START Given records

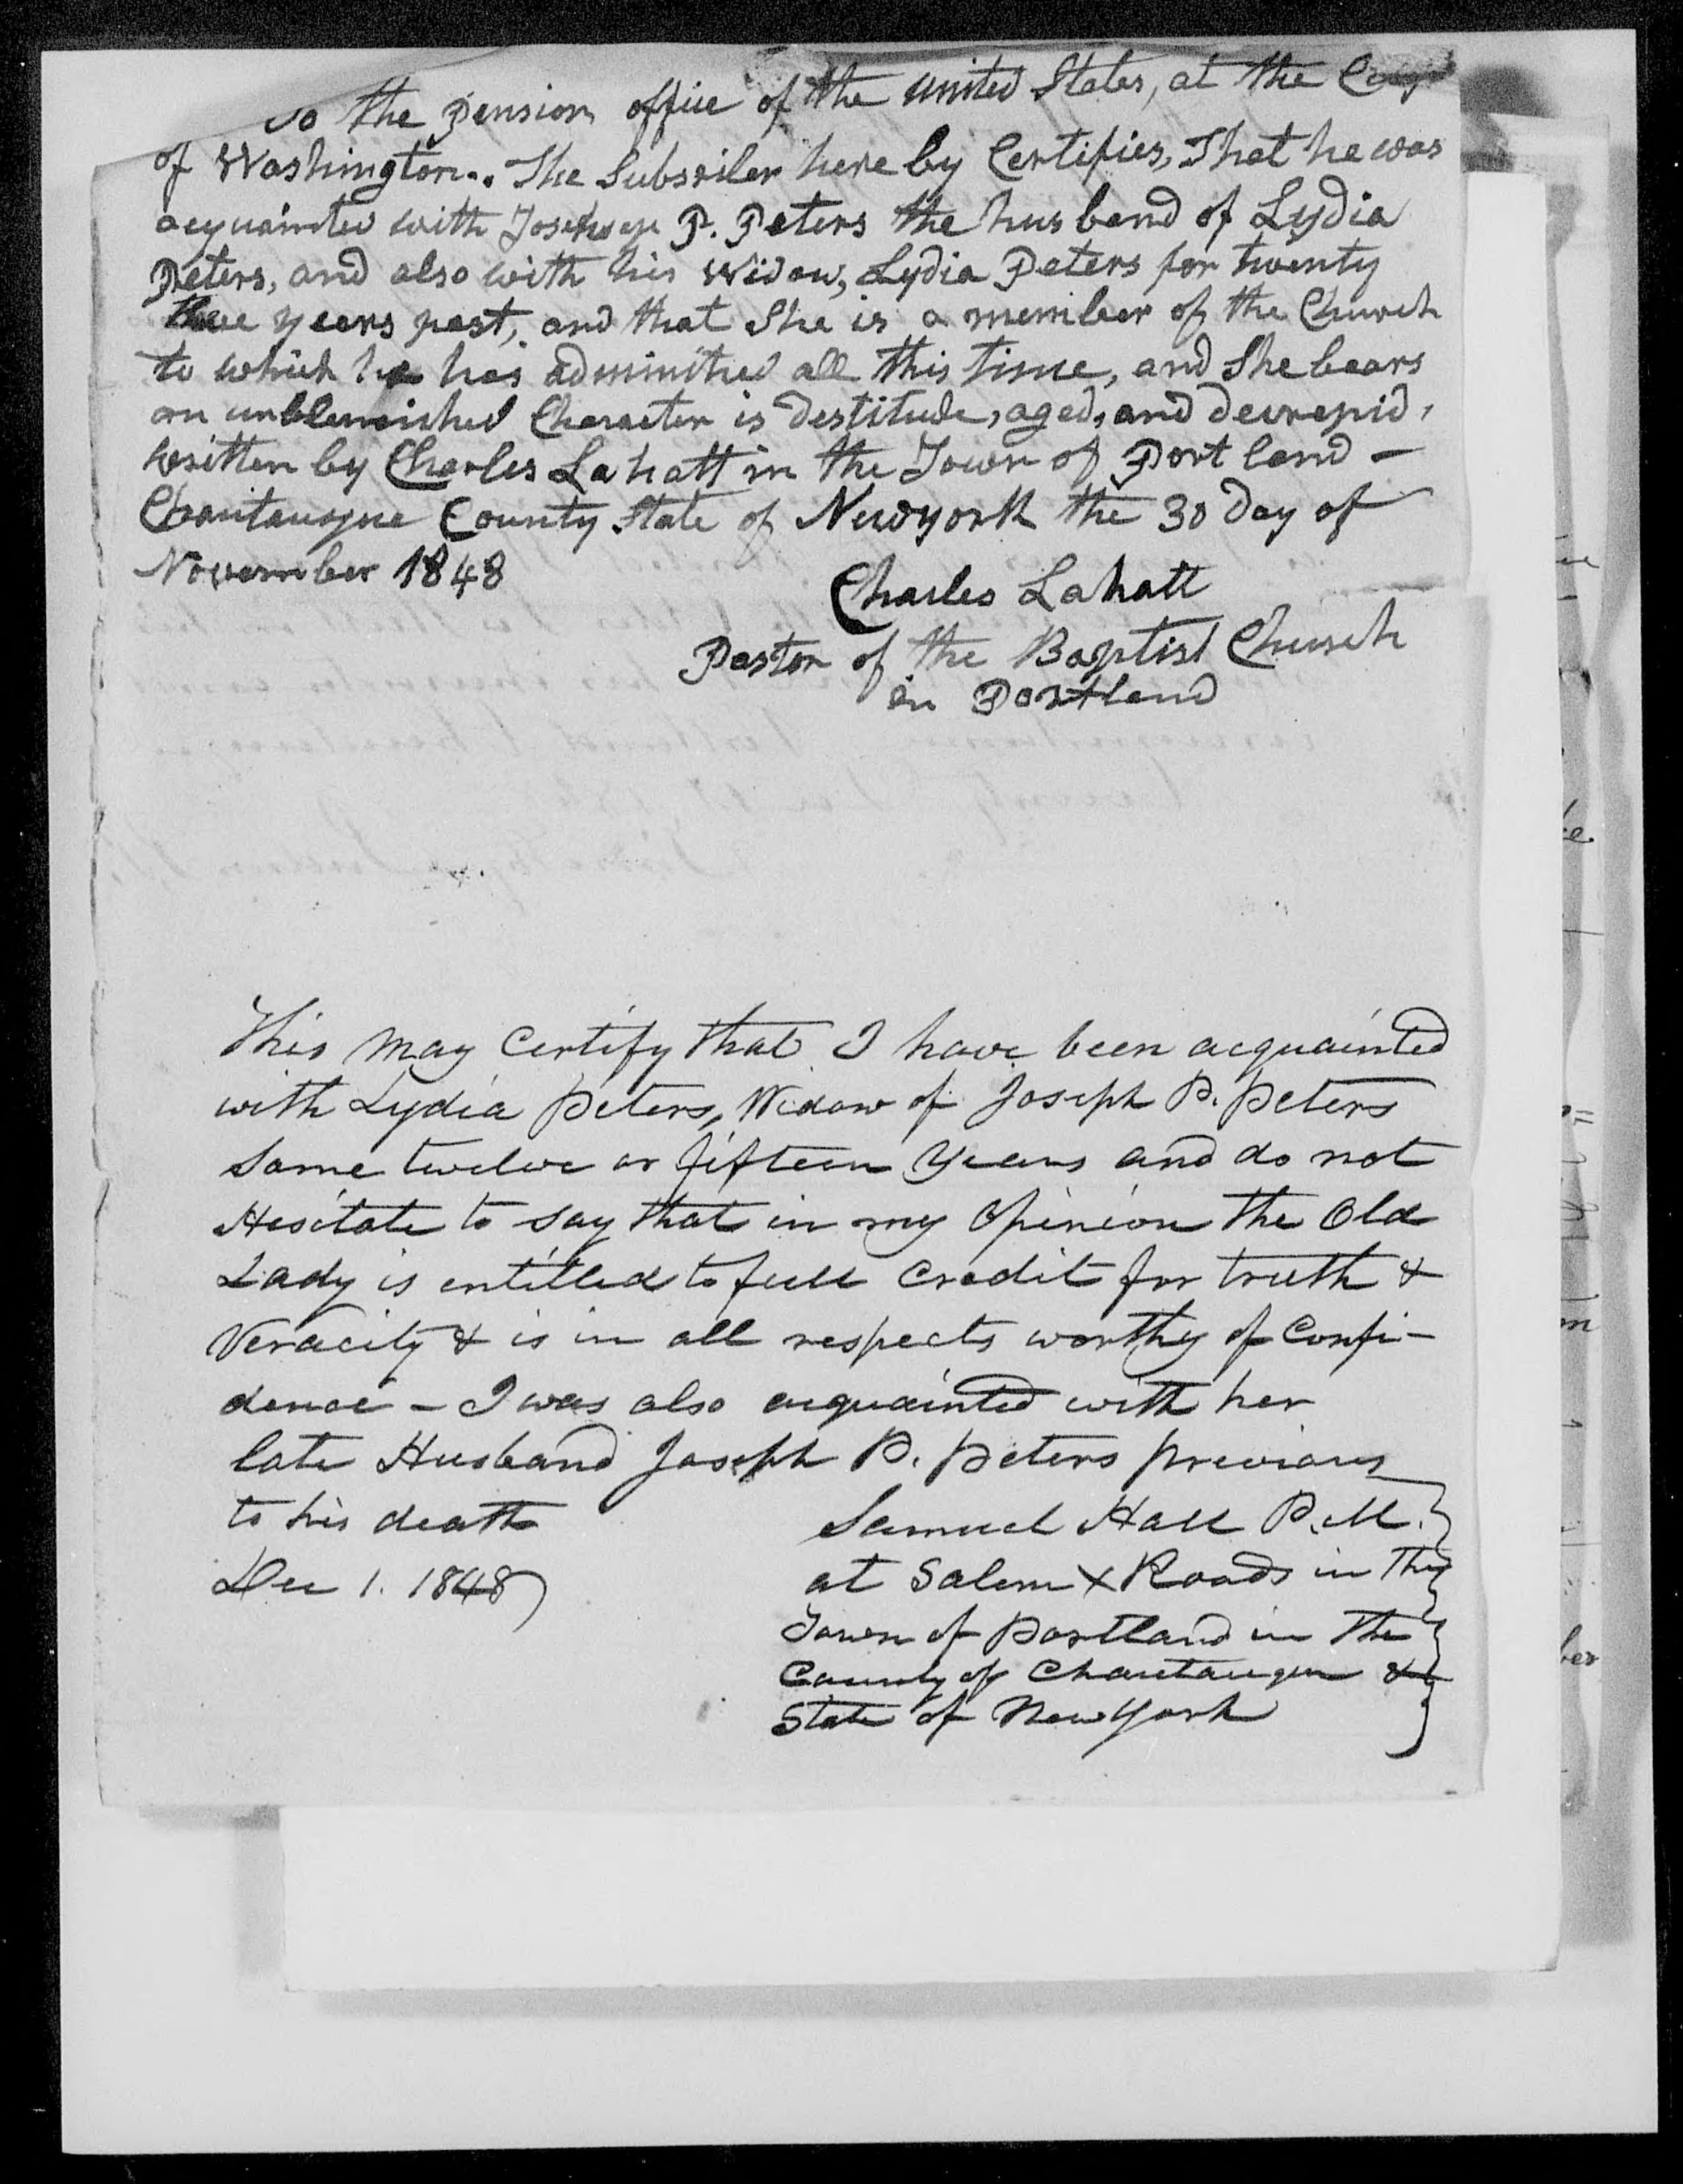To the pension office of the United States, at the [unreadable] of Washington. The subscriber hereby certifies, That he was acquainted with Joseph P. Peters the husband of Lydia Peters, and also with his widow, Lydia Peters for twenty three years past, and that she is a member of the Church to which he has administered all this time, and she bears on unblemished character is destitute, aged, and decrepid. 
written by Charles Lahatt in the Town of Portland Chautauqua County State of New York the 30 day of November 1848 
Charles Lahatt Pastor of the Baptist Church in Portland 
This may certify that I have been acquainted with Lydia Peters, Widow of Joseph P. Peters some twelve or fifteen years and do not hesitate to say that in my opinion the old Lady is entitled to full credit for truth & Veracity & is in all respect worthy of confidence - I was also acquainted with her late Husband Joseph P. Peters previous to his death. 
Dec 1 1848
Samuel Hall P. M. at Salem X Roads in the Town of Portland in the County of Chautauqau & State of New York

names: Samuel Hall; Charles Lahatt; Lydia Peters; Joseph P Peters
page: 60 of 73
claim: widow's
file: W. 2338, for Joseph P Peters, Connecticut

END Given records
START Given records

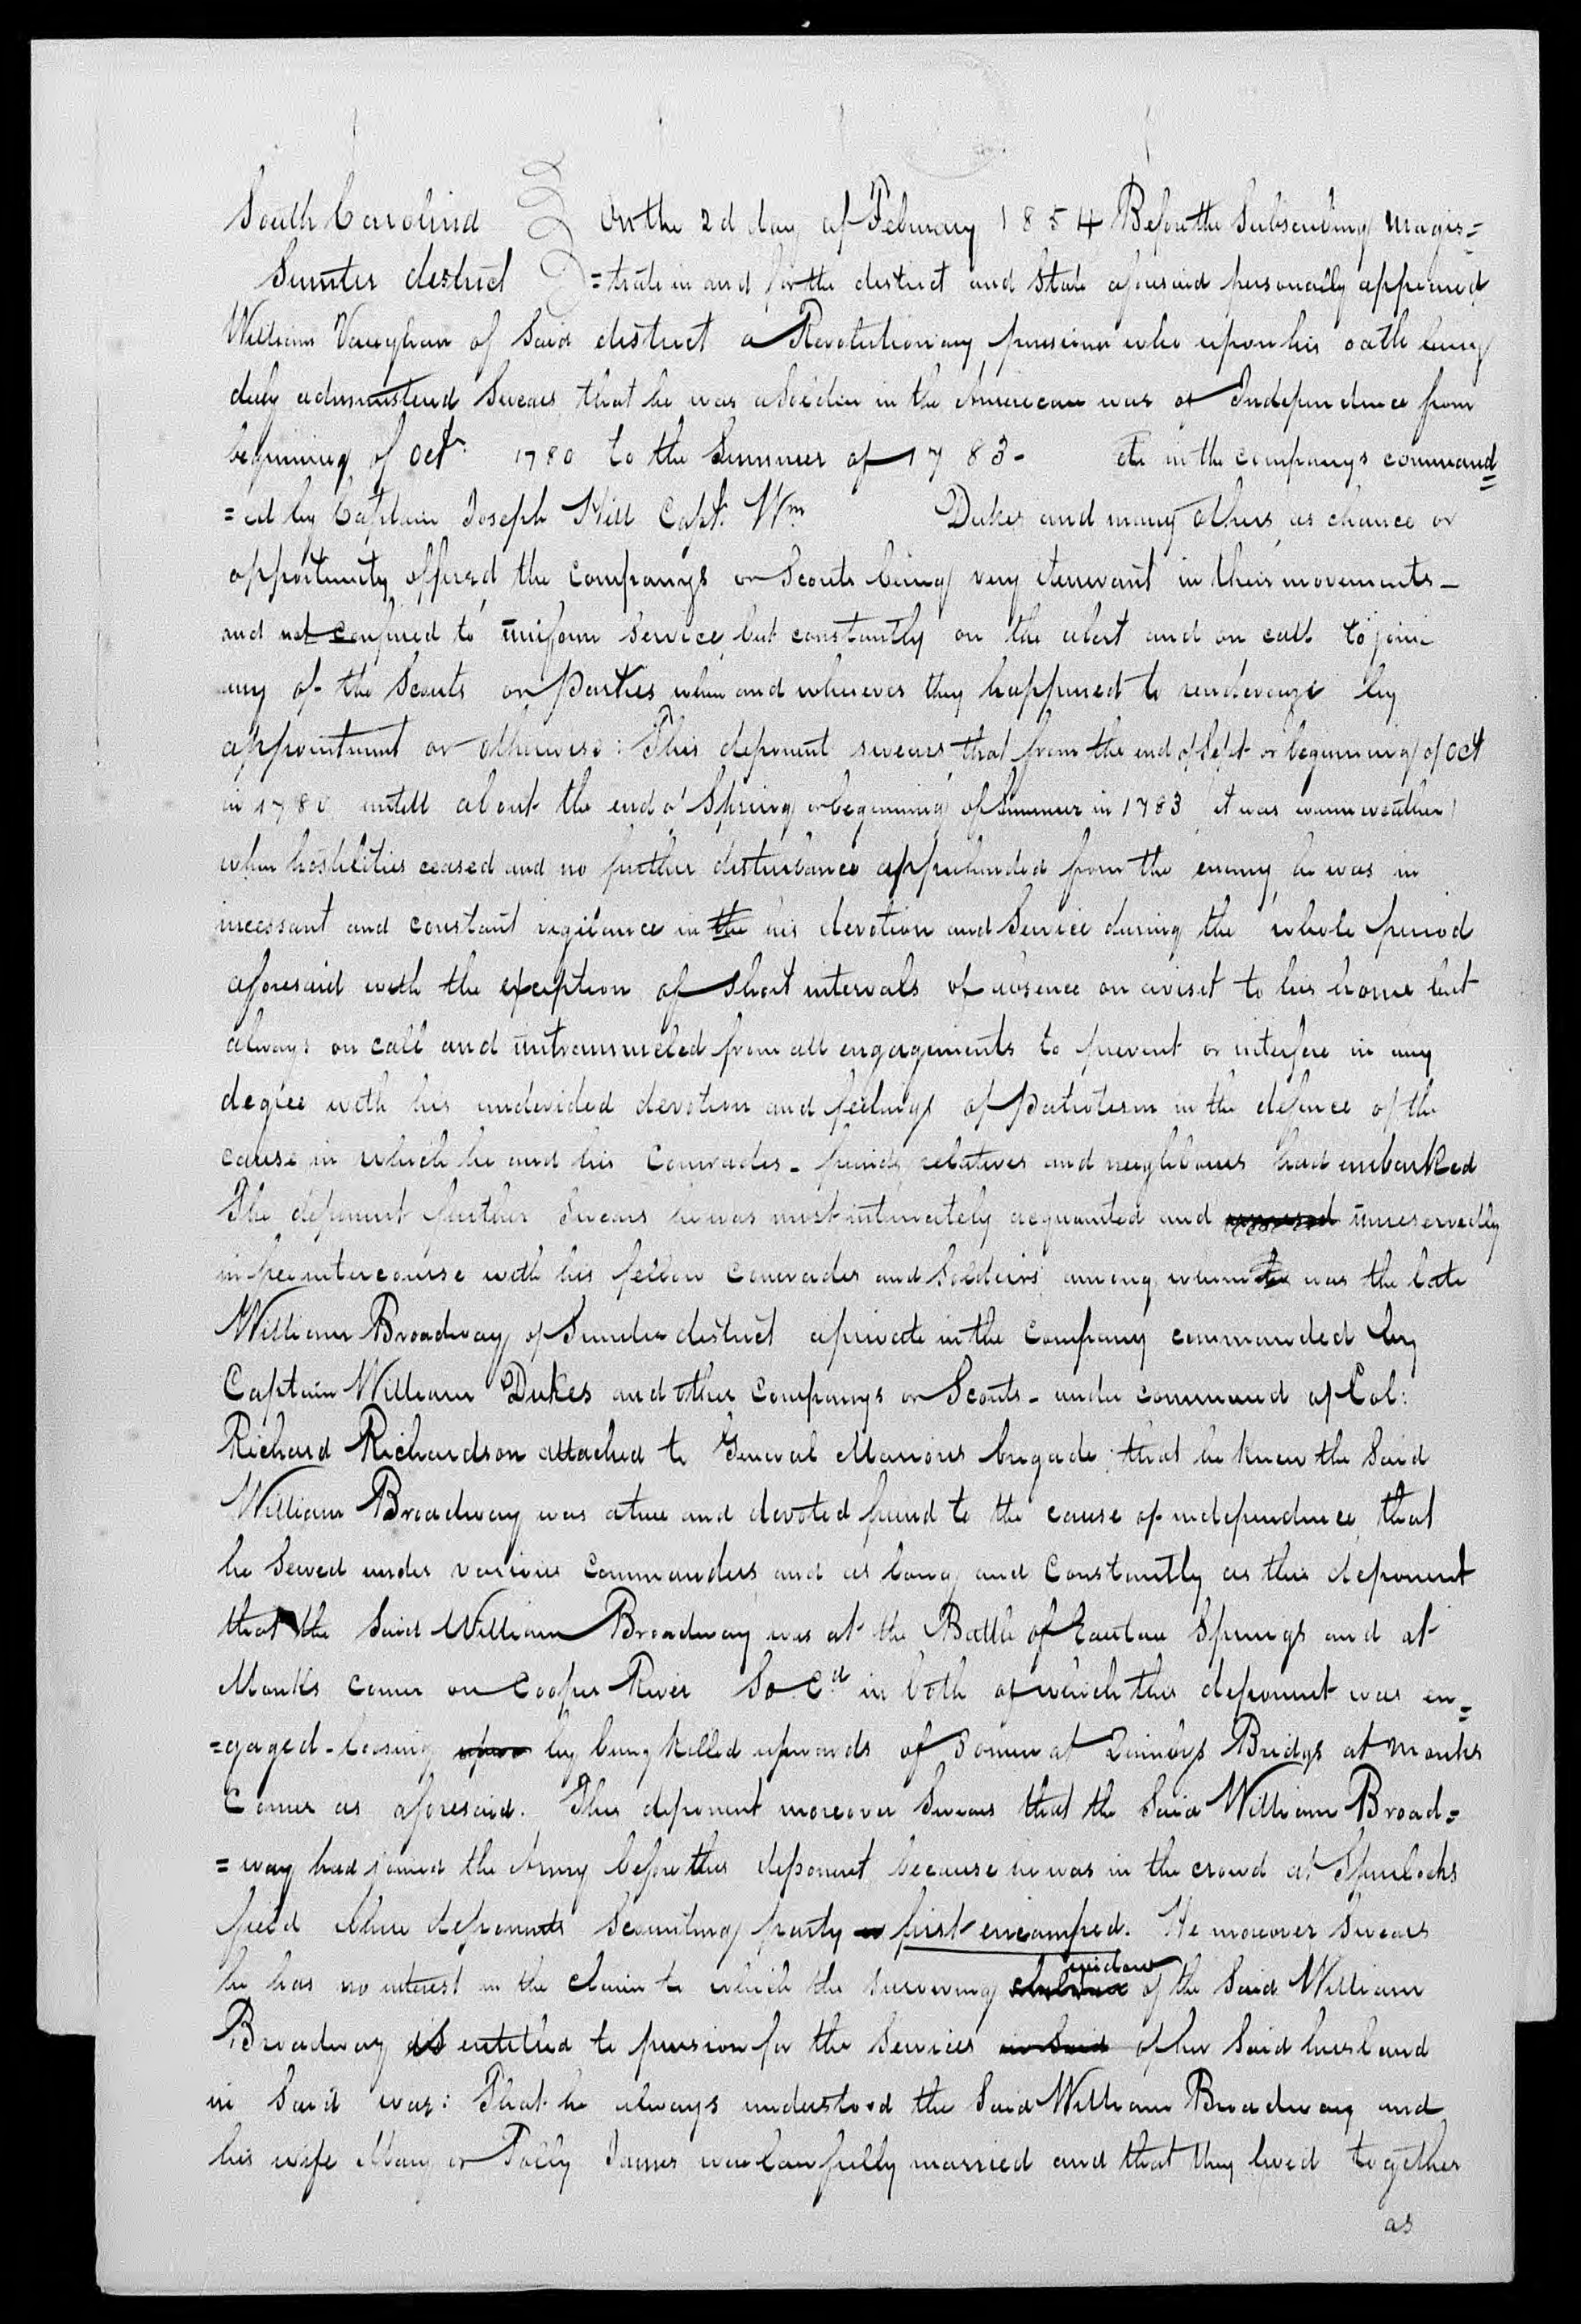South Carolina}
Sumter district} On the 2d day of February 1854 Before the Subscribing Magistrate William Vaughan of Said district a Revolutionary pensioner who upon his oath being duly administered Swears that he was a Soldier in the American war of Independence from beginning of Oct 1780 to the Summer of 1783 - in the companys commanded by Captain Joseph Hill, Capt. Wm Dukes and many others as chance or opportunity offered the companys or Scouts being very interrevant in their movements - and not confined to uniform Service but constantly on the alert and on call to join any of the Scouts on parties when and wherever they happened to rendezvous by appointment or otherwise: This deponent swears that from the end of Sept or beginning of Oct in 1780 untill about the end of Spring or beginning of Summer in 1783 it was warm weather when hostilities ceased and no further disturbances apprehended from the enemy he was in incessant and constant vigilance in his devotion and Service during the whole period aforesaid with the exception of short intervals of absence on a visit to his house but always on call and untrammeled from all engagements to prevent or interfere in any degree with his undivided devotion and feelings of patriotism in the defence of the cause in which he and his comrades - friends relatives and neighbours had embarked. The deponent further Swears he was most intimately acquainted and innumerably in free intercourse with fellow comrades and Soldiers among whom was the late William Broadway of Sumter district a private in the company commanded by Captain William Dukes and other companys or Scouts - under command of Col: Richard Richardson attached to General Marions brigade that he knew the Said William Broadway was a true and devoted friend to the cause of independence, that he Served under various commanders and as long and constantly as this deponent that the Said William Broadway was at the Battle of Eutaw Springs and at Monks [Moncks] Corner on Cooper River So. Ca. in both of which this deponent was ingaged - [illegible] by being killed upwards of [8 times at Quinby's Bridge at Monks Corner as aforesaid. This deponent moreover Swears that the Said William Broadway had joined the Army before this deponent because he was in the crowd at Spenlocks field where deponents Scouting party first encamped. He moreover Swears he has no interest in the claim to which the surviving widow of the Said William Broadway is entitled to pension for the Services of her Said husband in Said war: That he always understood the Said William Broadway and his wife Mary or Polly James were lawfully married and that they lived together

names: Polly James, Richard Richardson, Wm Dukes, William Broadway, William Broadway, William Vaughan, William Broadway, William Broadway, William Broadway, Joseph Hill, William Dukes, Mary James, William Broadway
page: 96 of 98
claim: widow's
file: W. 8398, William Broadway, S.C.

END Given records

What you have to do
All pictures are to be skipped. Output, word for word, the lines in the data above starting at the line containing "To the pension" and ending at the line containing "file: W. 2338, for".

Final answer
To the pension office of the United States, at the [unreadable] of Washington. The subscriber hereby certifies, That he was acquainted with Joseph P. Peters the husband of Lydia Peters, and also with his widow, Lydia Peters for twenty three years past, and that she is a member of the Church to which he has administered all this time, and she bears on unblemished character is destitute, aged, and decrepid. 
written by Charles Lahatt in the Town of Portland Chautauqua County State of New York the 30 day of November 1848 
Charles Lahatt Pastor of the Baptist Church in Portland 
This may certify that I have been acquainted with Lydia Peters, Widow of Joseph P. Peters some twelve or fifteen years and do not hesitate to say that in my opinion the old Lady is entitled to full credit for truth & Veracity & is in all respect worthy of confidence - I was also acquainted with her late Husband Joseph P. Peters previous to his death. 
Dec 1 1848
Samuel Hall P. M. at Salem X Roads in the Town of Portland in the County of Chautauqau & State of New York

names: Samuel Hall; Charles Lahatt; Lydia Peters; Joseph P Peters
page: 60 of 73
claim: widow's
file: W. 2338, for Joseph P Peters, Connecticut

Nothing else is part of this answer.